• Brief: Skip the images. Copy the records exactly as written.

--*--

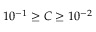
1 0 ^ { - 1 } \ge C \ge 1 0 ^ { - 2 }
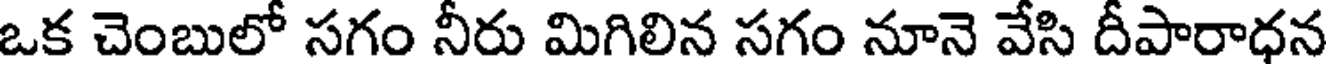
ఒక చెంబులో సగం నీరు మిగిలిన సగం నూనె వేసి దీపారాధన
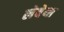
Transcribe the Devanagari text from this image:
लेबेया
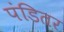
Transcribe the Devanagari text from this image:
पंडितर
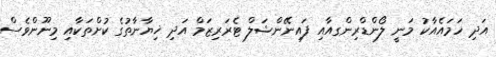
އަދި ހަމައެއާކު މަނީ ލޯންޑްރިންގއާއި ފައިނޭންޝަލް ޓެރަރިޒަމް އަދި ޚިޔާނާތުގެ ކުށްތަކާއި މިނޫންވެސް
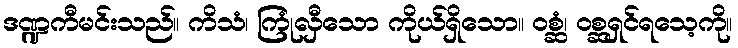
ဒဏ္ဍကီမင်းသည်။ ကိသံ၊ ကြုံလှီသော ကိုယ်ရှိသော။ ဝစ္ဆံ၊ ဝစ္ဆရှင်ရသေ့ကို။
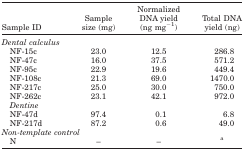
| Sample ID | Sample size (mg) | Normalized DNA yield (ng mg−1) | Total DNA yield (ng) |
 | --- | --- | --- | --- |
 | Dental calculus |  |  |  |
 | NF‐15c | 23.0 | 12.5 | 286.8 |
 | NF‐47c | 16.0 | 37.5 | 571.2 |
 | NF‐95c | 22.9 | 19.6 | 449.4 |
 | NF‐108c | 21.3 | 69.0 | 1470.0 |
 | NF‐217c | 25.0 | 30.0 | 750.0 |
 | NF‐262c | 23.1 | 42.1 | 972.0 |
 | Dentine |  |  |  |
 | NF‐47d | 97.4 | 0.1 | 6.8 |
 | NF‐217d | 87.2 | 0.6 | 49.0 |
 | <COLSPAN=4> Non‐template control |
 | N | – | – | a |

--*--

• Answer area:
1 0 ^ { - 1 } \ge C \ge 1 0 ^ { - 2 }
ఒక చెంబులో సగం నీరు మిగిలిన సగం నూనె వేసి దీపారాధన
Transcribe the Devanagari text from this image:
लेबेया
Transcribe the Devanagari text from this image:
पंडितर
އަދި ހަމައެއާކު މަނީ ލޯންޑްރިންގއާއި ފައިނޭންޝަލް ޓެރަރިޒަމް އަދި ޚިޔާނާތުގެ ކުށްތަކާއި މިނޫންވެސް
ဒဏ္ဍကီမင်းသည်။ ကိသံ၊ ကြုံလှီသော ကိုယ်ရှိသော။ ဝစ္ဆံ၊ ဝစ္ဆရှင်ရသေ့ကို။
| Sample ID | Sample size (mg) | Normalized DNA yield (ng mg−1) | Total DNA yield (ng) |
 | --- | --- | --- | --- |
 | Dental calculus |  |  |  |
 | NF‐15c | 23.0 | 12.5 | 286.8 |
 | NF‐47c | 16.0 | 37.5 | 571.2 |
 | NF‐95c | 22.9 | 19.6 | 449.4 |
 | NF‐108c | 21.3 | 69.0 | 1470.0 |
 | NF‐217c | 25.0 | 30.0 | 750.0 |
 | NF‐262c | 23.1 | 42.1 | 972.0 |
 | Dentine |  |  |  |
 | NF‐47d | 97.4 | 0.1 | 6.8 |
 | NF‐217d | 87.2 | 0.6 | 49.0 |
 | <COLSPAN=4> Non‐template control |
 | N | – | – | a |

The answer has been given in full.